That’s the new Volkswagen Sharan Multi Purpose Vehicle.
Just when Crossover vehicles seemed to be grabbing all the attention Volkswagen has come up trumps with a most sensible product. I feel it is stylish without any suggestion of being cumbersome. It is a sensible package.
The Sharan’s technology is based on Volkswagen’s highly acclaimed Bluemotion efficiency technology and currently for the UK market there is a choice of two petrol and two diesel engines, the less potent being partnered by a well ratioed, easy changing 6-speed gearbox as standard with the top 198 bhp 2.0-litre petrol version equipped with the selectable DSG automatic transmission. The latter unit can also be specified as a cost-extra option of some other versions.
Four trim versions are offered, S, SE, SEL and Executive, the first three come with a seven-seat format as standard, the latter, designed for the business market, provides six leather upholstered seats.
Initially the most obvious change over the previous Sharan which shared its DNA with the Ford Galaxy and SEAT Alhambra, is the provision of easy operating sliding rear doors that makes for an easier life in tight car parks, more safety when unloading younger occupants and relatively easy access to both rear rows of seats.
My first encounter with this new Sharan certainly raised my eye-brows when I realised it was powered by a mere 1.4-litre engine, an engine size that not so many years ago would not pull the skin off the proverbial rice pudding, let alone provide sufficient urge for a car loaded up with seven people and accompanying luggage!
Here is a clear demonstration of how far engine technology has advanced in the face of seriously challenging environmental and economic challenges.
No kidding, this turbo-charged petrol engine pushes out 150ps (148 bhp) in an amazingly civilised and flexible manner, endowing the Sharan with a claimed top speed of 122 mph (where the law permits, VW hastens to add) and with an acceleration time to 62 mph (100 kph) from rest in a commendable 10.7 seconds – slightly quickly if the DSG transmission is fitted.
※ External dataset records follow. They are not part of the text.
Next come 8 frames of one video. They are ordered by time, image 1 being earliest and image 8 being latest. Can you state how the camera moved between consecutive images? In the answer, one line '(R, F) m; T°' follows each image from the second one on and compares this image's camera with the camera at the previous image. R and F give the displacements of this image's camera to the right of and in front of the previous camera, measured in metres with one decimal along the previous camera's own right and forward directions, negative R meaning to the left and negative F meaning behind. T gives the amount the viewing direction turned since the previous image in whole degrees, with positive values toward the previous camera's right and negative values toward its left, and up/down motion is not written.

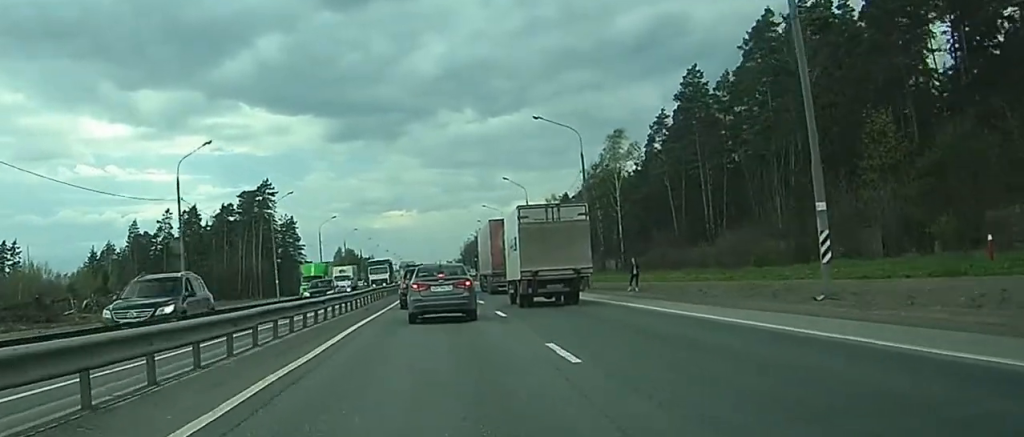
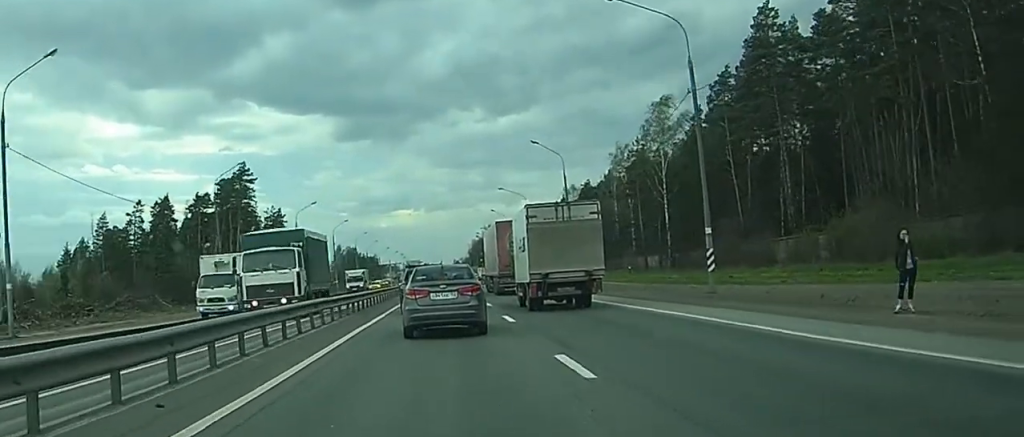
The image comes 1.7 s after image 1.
(-0.6, +27.9) m; -3°
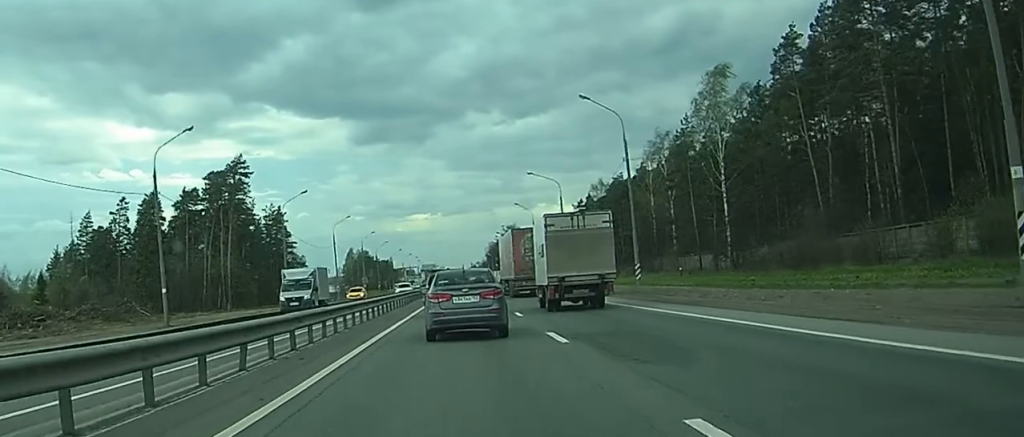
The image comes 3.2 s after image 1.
(-0.3, +21.1) m; -1°
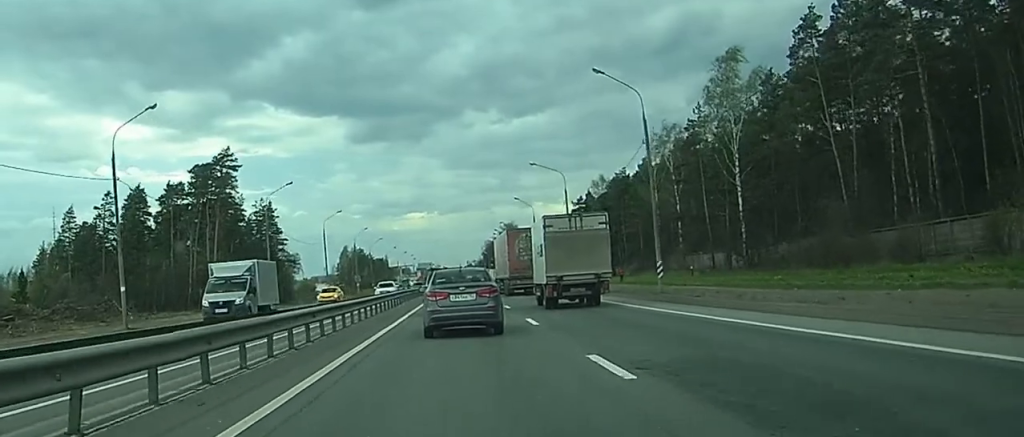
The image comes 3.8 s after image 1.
(-0.1, +7.1) m; 0°
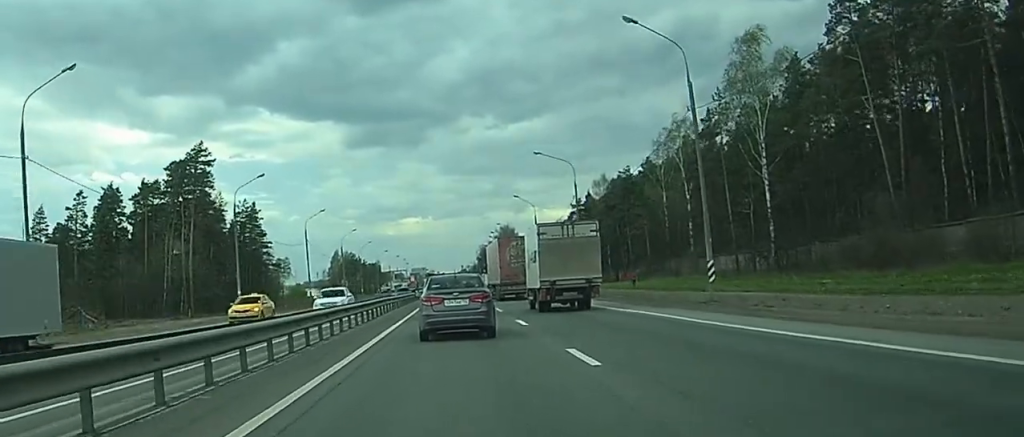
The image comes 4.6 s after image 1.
(+0.3, +10.6) m; +1°
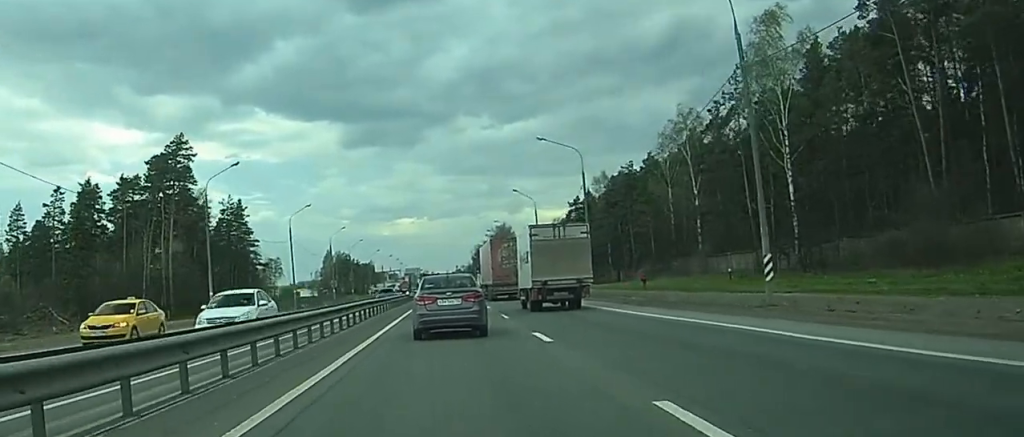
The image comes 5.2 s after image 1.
(-0.1, +7.2) m; 0°
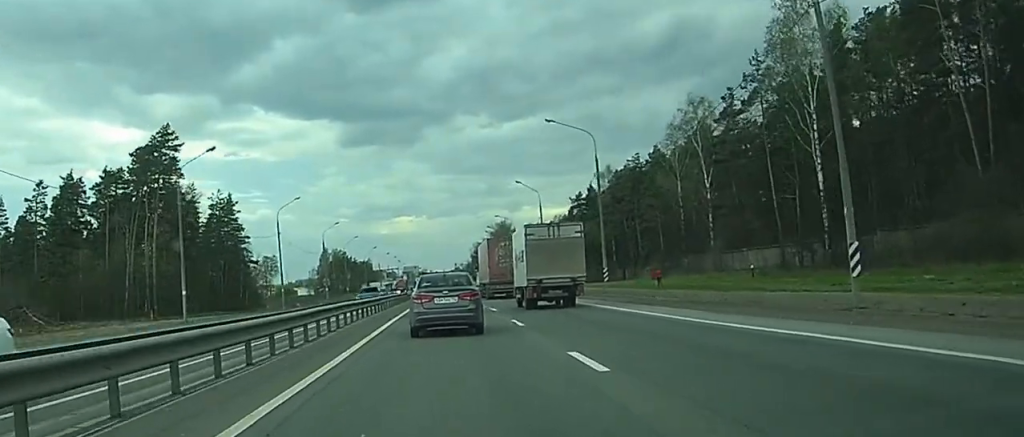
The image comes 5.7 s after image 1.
(-0.1, +6.3) m; -1°
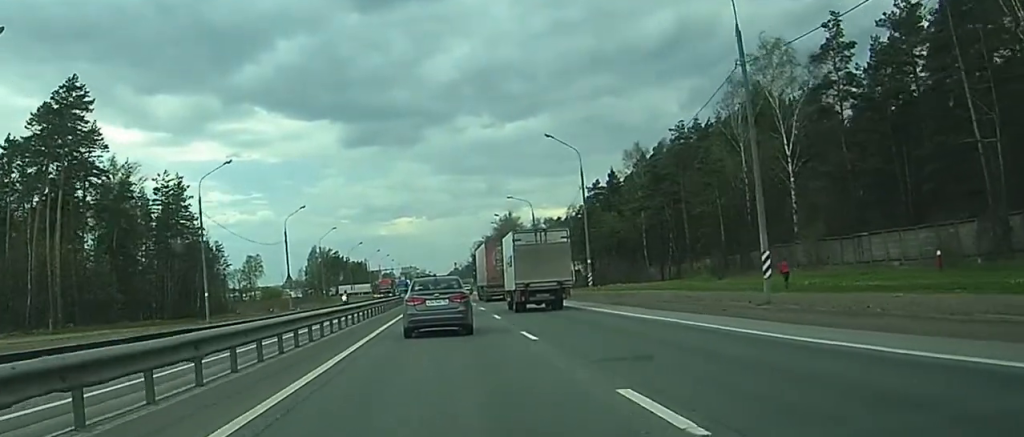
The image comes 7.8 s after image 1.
(0.0, +27.9) m; +2°

Notably, power delivery is smooth, flexible, lively and without the surge factor common with some earlier turbo-charged petrol engines.
Work a small engine hard and it gets thirsty. Well, that used to be the case but not with this amazing engine, the official combined consumption figure is a sensible 37.2 mpg. Clearly load it up, work it hard and that figure should obviously decline but the fact is that a lot of the time the normal use would be less demanding and that is where the economy gain is very important.
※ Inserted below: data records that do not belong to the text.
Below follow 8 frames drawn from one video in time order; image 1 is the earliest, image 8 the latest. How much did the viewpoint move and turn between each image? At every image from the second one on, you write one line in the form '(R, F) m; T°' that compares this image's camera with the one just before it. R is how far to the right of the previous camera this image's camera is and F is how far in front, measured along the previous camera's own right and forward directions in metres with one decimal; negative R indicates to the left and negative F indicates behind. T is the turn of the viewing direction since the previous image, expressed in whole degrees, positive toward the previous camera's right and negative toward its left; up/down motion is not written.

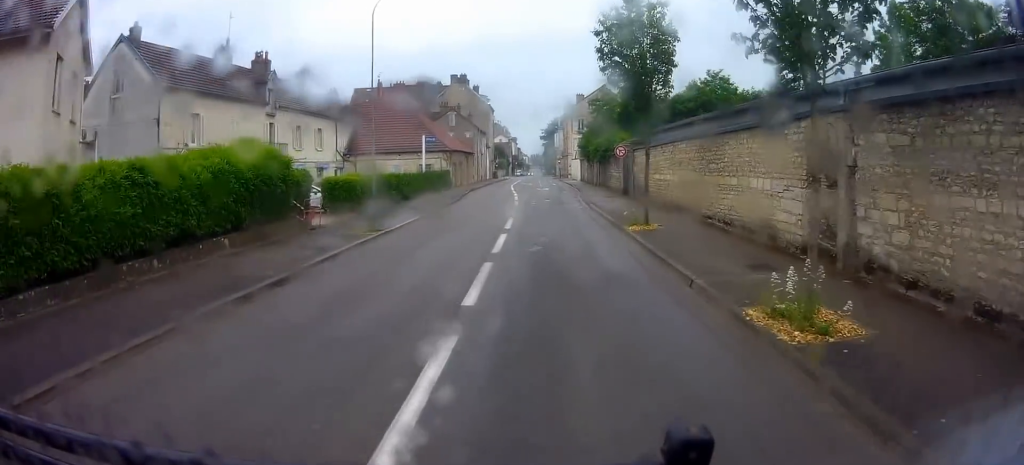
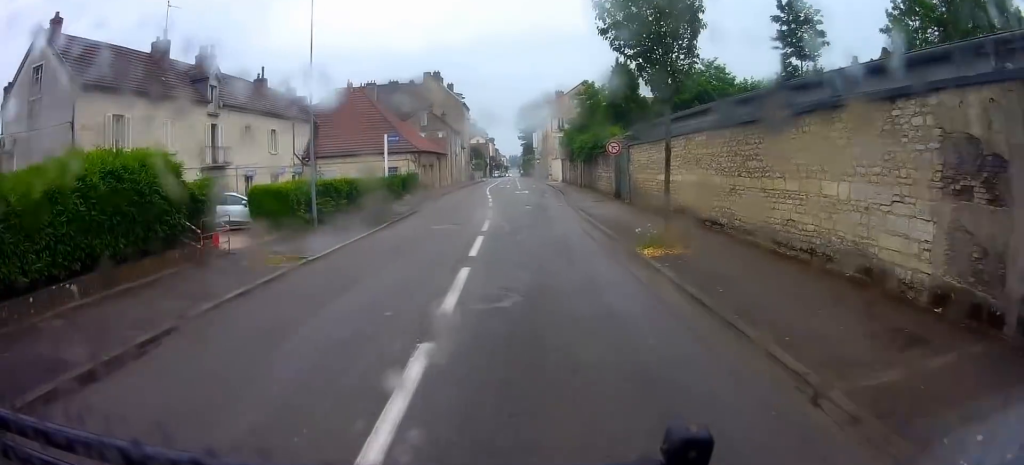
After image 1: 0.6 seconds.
(+0.6, +4.8) m; +1°
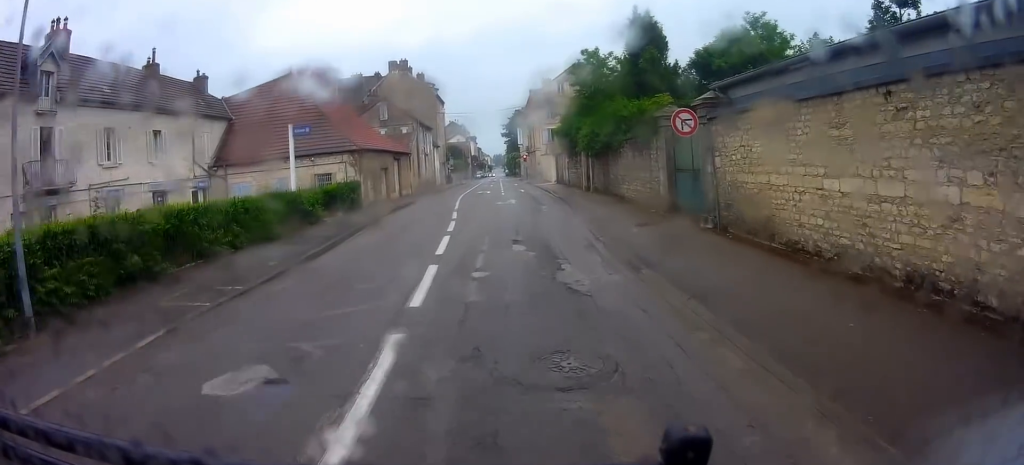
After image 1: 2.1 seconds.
(-0.4, +13.3) m; 0°
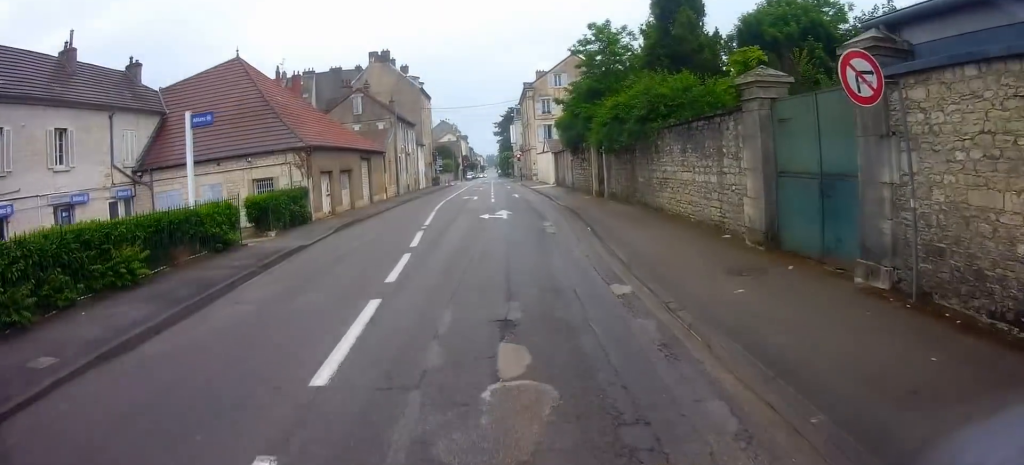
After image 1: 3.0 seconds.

In developing the Sharan, Volkswagen has optimised the ‘Purpose’ part of the vehicle’s designation to a major degree. The rear seating arrangement is based on three individual seats in the middle row, and a pair of generously proportioned seats at the very rear. Importantly there is a slide facility for the three middle seats thus enabling leg space to be apportioned as occupant demand dictates plus there is a good size foot well depth for the two rear seats thus enabling at least moderately proportioned adults to travel in relative comfort.
Luggage capacity is also an object lesson for most rivals. With all seven seats in use there is a useful 300 litres of load space and with all seats flat folded (an easy task) there is a massive 2,297 litres and obviously other seat/load permutations.
Another major advance is the ride and handling qualities of the new Sharan. Some MPVs tend to float when driven with a light load, not so the Sharan, the suspension is a successful combination of firm ride but with good bump insulation that is generally not affected by varying loads. Steering response is positive through a nicely balanced steering wheel action, the brakes progressive rather than sharp and the six speed gearbox light and positive in operation. Straight line stability is also a strong point.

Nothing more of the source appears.